Elle lève le bras, puis l’abaisse, dans un mouvement mécanique, répétitif, implacable. Encore et encore jusqu’à ce que sa colère s’apaise enfin. Me laissant là, au milieu de la chambre, figé, le corps tétanisé par la douleur, cherchant désespérément l’air dont mes poumons rêvent en silence.

Je sais que demain, apparaîtront sous mon tee-shirt de larges hématomes sombres et violacés, de la taille de mon poing, et d’autres, plus discrets, marqueront mes jambes. Pourtant, malgré la violence du moment, je ne pense pas avoir les côtes fêlées ni de membre fracturé. C’est une maigre consolation.

Ce qui me gêne le plus lorsqu’elle me blesse, c’est la difficulté de trouver une explication crédible à fournir à tous ces petits curieux du collège qui me questionnent sur la manière dont je me suis blessé. Bien sûr, je trouve toujours une anecdote inexistante mais crédible à leur raconter du genre “je suis tombé d’un arbre en grimpant dessus” ou encore “j’ai glissé du perron”.

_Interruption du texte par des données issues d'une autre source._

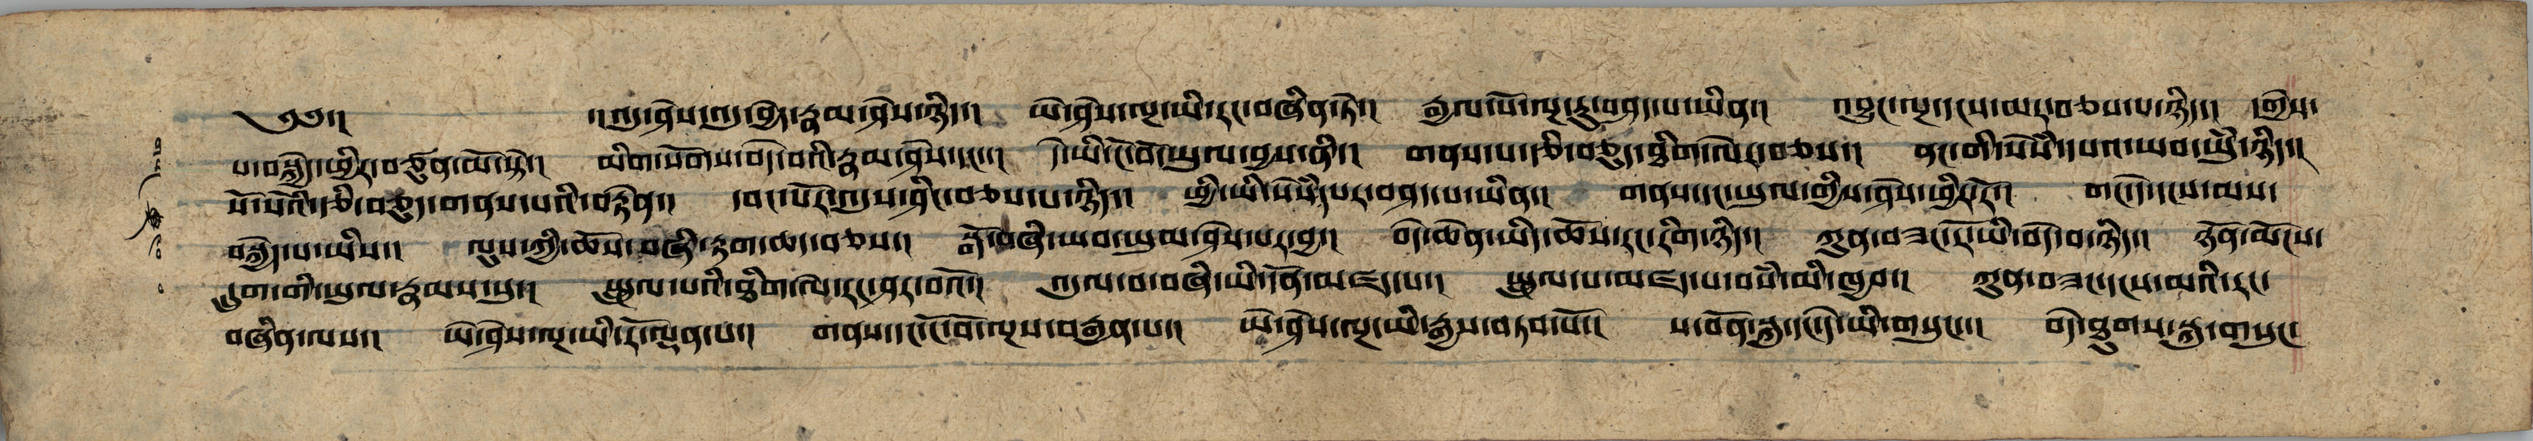༄༅་། ་།འདུ་ཤེས་འདུ་བྱེད་རྣམ་ཤེས་ཉིད་། ཡེ་ཤེས་ལྔ་ཡི་རང་བཞིན་ཏེ་། རྒྱལ་པོ་ལྔ་རུ་བཤད་པ་ཡིན་། འབྱུང་ལྔ་དངས་མར་བཅས་པ་ཉིད་། དགྱེས་
པ་བསྐྱེད་ཕྱིར་བཙུན་མོ་སྟེ་། མིག་སོགས་བདེ་བའི་རྣམ་ཤེས་དང་་། དེ་ཡི་ངོ་བོ་ཡུལ་བྱས་ནི་། གནས་པ་རྩི་བཅུད་ཐིག་ལེར་བཅས་། ནང་གི་སེཾས་དཔའ་ཡབ་ཡུཾ་ཉིད་།
སོ་སོའི་རྩི་བཅུད་གནས་པའི་བརྟེན་། དབང་པོར་འདུས་ཤིང་བཅས་པ་ཉིད་། ཕྱི་ཡི་སེཾསདཔར་བཤད་པ་ཡིན་། གནས་དང་ཡུལ་གྱིས་ཤེས་ཕྱིར་རོ་། གང་དེ་དངས་མས་
བསྐྱེད་པ་ཡིས་། ལུས་ཀྱི་ཆོས་བཞི་རྟག་ཆད་བཅས་། སྒོ་བཞི་ཡབ་ཡུམ་ཤེས་པར་བྱ་། བདེ་ཆེན་ཡིད་ཆོས་རང་རིག་ཉིད་། ཀུན་བཟང་རོ་ཡི་བདེ་བ་ཉིད་། ཉོན་མོངས་
དྲུག་གི་ཡུལ་རྣམས་སུ་། སྤྲུལ་པའི་ཐིག་ལེ་རང་ཤར་བའོ་། འདུལ་བ་བཞི་ཡི་དོན་མཛད་པ་། སྤྲུལ་པ་མཛད་པ་བསཾ་མི་ཁྱབ་། ཀུན་བཟང་དངས་མའི་རང་
བཞིན་ལས་། ཡེ་ཤེས་ལྔ་ཡི་རོ་ལྡན་པ་། གནས་དང་ངོ་བོ་ལྔས་བརྒྱན་པ་། ཡེ་ཤེས་ལྔ་ཡི་རྒྱས་བཏབ་པོ་། ས་བོན་སྐུ་དང་དེ་ཡི་གསུངས་་། བདེ་ཐུགས་སྐུ་གསུང་

Me taire semble parfois être une épreuve insoutenable. Le silence pèse sur moi et mes émotions, confuses et tumultueuses, s’entremêlent jusqu’à brouiller les paroles de mes amis. La plupart du temps, lorsqu’ils me demandent simplement comment je vais, je sens monter en moi une brusque irritation que je ne parviens pas à contrôler. Je repousse alors ceux qui tentent de m’approcher, comme si mon cœur me murmurait que tout serait plus facile à supporter si personne ne s’intéresse à moi.